**TASK DIRECTIONS**
Exact copy, no pictures: repeat the data that follows.

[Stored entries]
↓

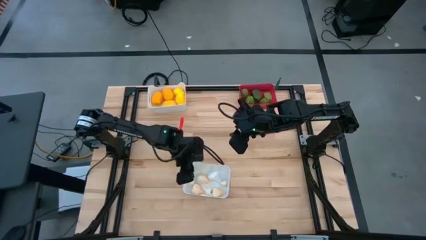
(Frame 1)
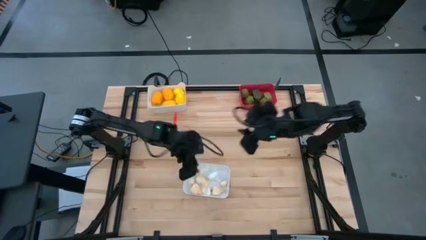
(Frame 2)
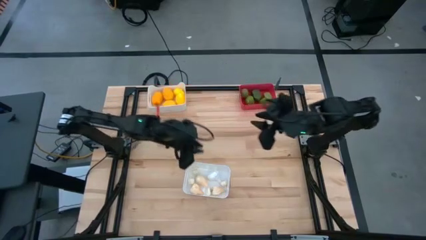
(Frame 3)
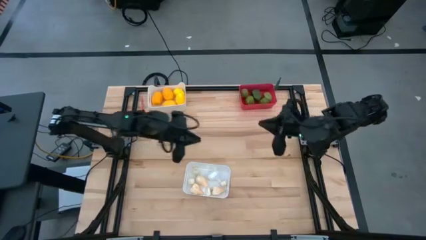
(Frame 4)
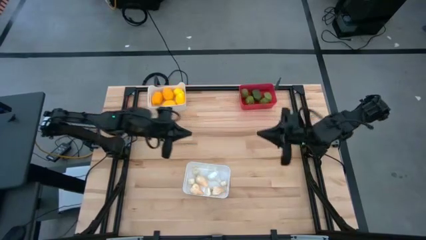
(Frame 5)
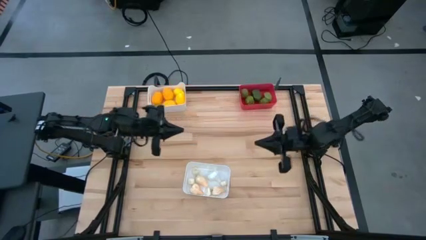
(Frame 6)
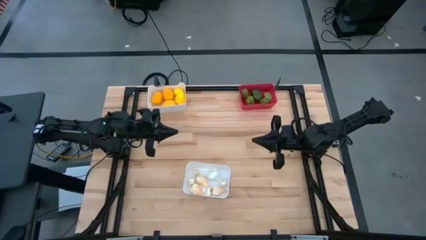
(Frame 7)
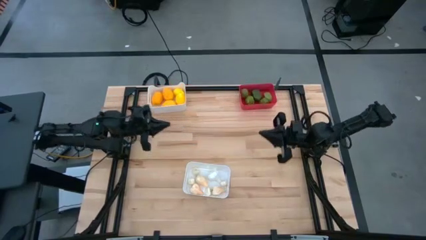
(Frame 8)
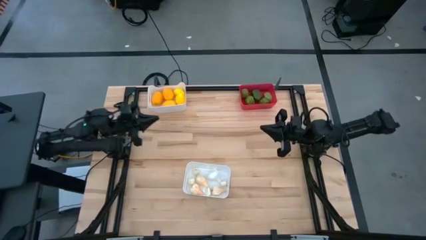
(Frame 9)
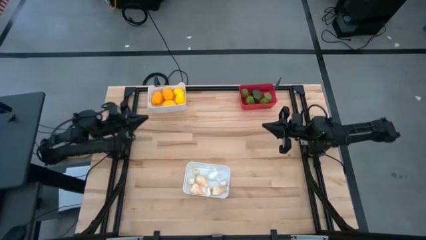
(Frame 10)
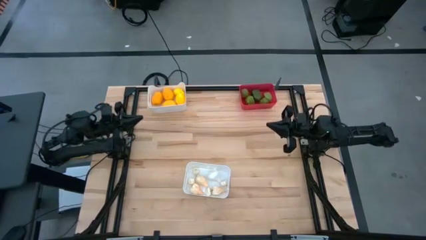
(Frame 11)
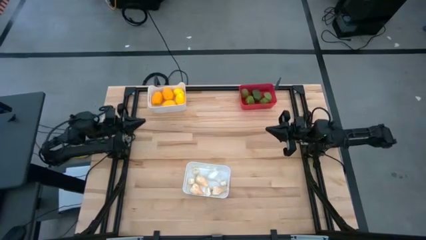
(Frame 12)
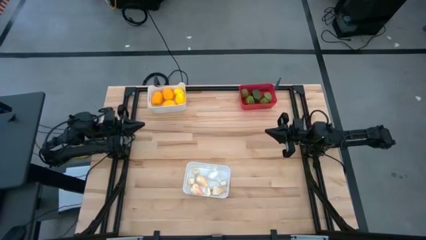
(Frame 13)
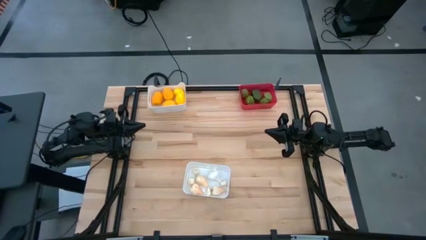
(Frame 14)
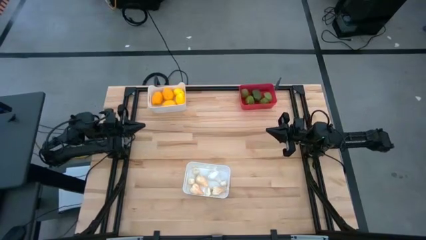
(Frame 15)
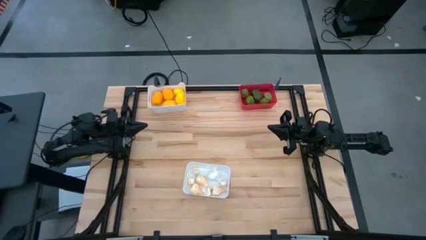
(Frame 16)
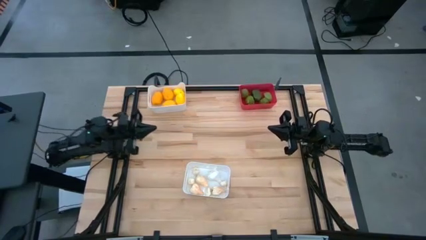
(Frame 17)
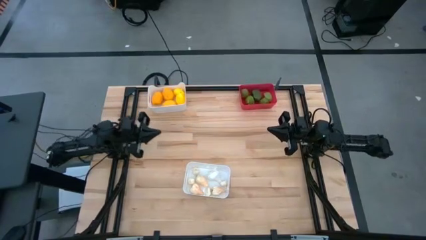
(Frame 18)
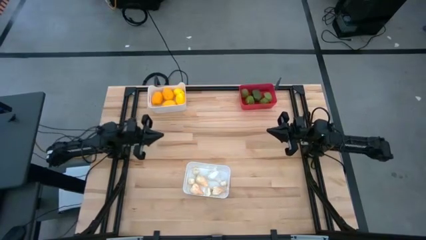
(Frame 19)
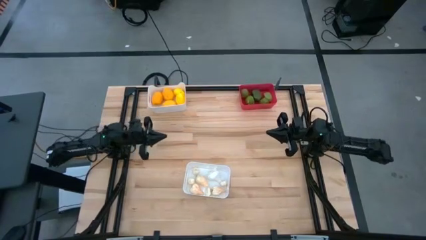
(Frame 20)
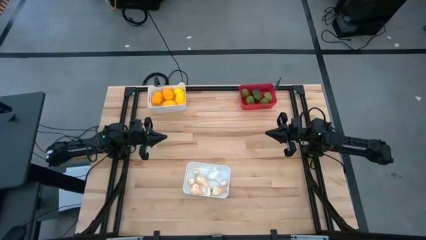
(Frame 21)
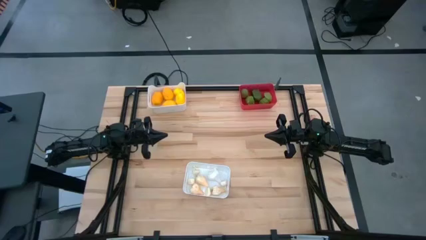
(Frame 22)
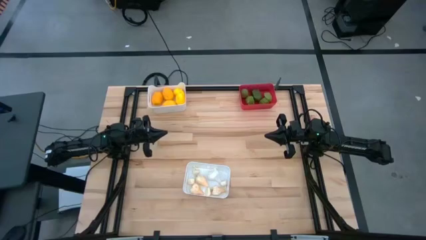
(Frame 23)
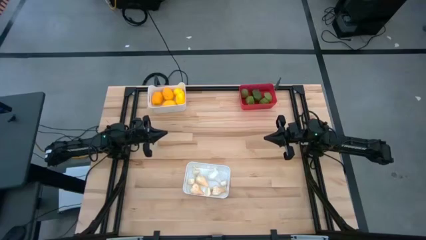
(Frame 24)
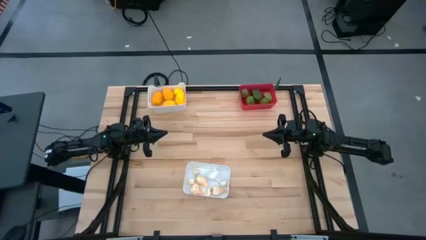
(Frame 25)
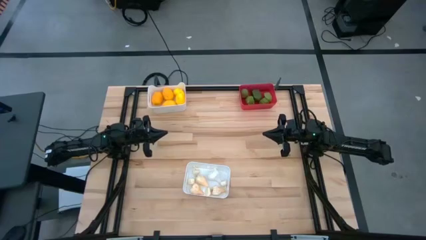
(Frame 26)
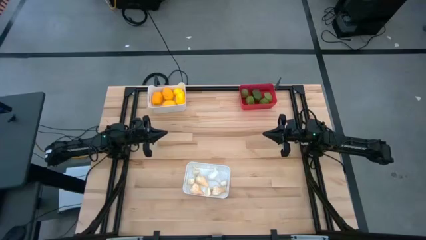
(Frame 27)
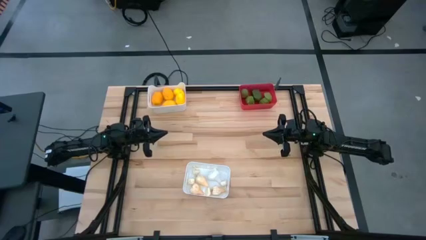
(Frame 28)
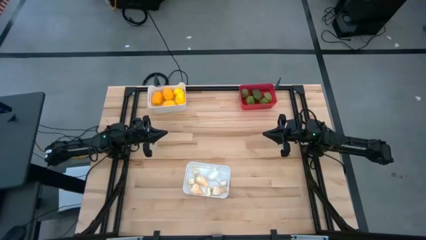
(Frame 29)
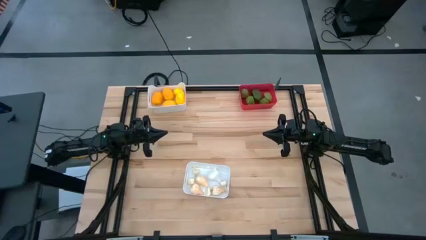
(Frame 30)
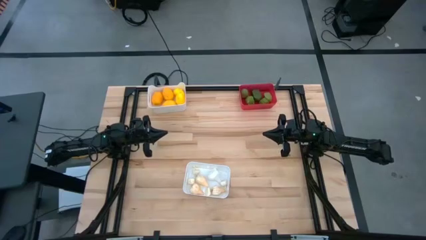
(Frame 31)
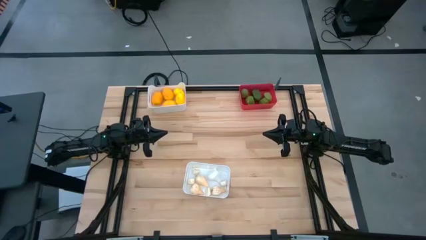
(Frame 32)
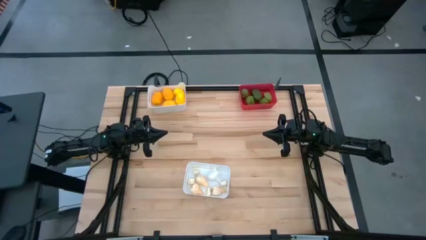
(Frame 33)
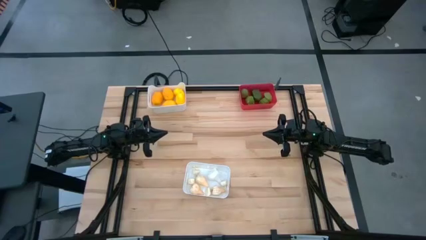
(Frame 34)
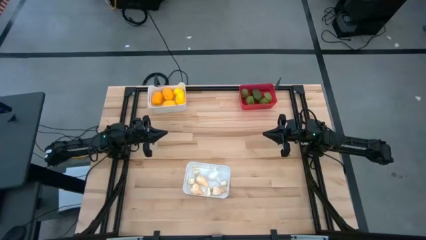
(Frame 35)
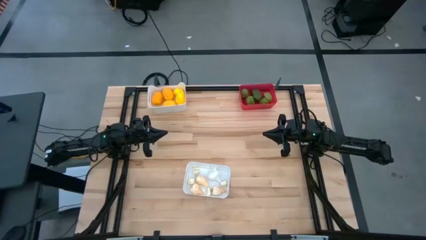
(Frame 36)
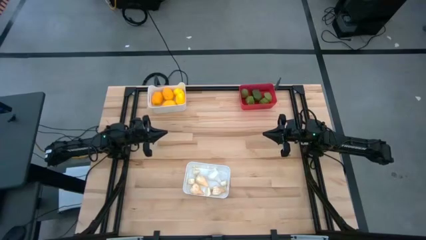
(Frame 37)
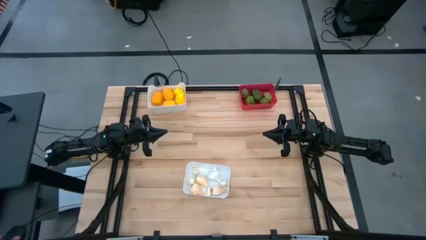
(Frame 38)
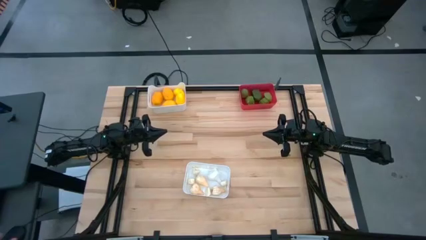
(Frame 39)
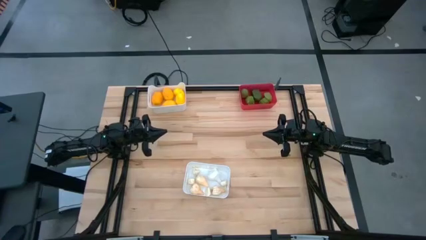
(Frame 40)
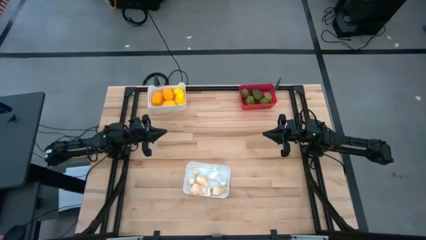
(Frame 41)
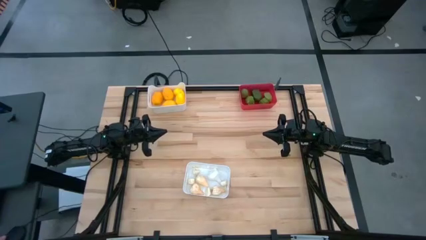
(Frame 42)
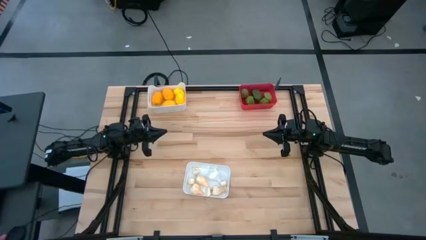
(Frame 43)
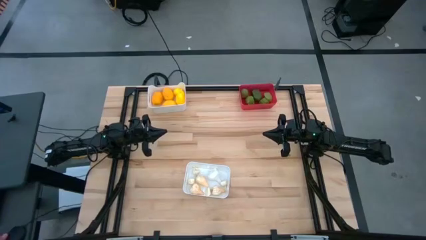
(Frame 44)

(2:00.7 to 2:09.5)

↑

**ANSWER TO THE EXERCISE**
(Frame 1)
(Frame 2)
(Frame 3)
(Frame 4)
(Frame 5)
(Frame 6)
(Frame 7)
(Frame 8)
(Frame 9)
(Frame 10)
(Frame 11)
(Frame 12)
(Frame 13)
(Frame 14)
(Frame 15)
(Frame 16)
(Frame 17)
(Frame 18)
(Frame 19)
(Frame 20)
(Frame 21)
(Frame 22)
(Frame 23)
(Frame 24)
(Frame 25)
(Frame 26)
(Frame 27)
(Frame 28)
(Frame 29)
(Frame 30)
(Frame 31)
(Frame 32)
(Frame 33)
(Frame 34)
(Frame 35)
(Frame 36)
(Frame 37)
(Frame 38)
(Frame 39)
(Frame 40)
(Frame 41)
(Frame 42)
(Frame 43)
(Frame 44)

(2:00.7 to 2:09.5)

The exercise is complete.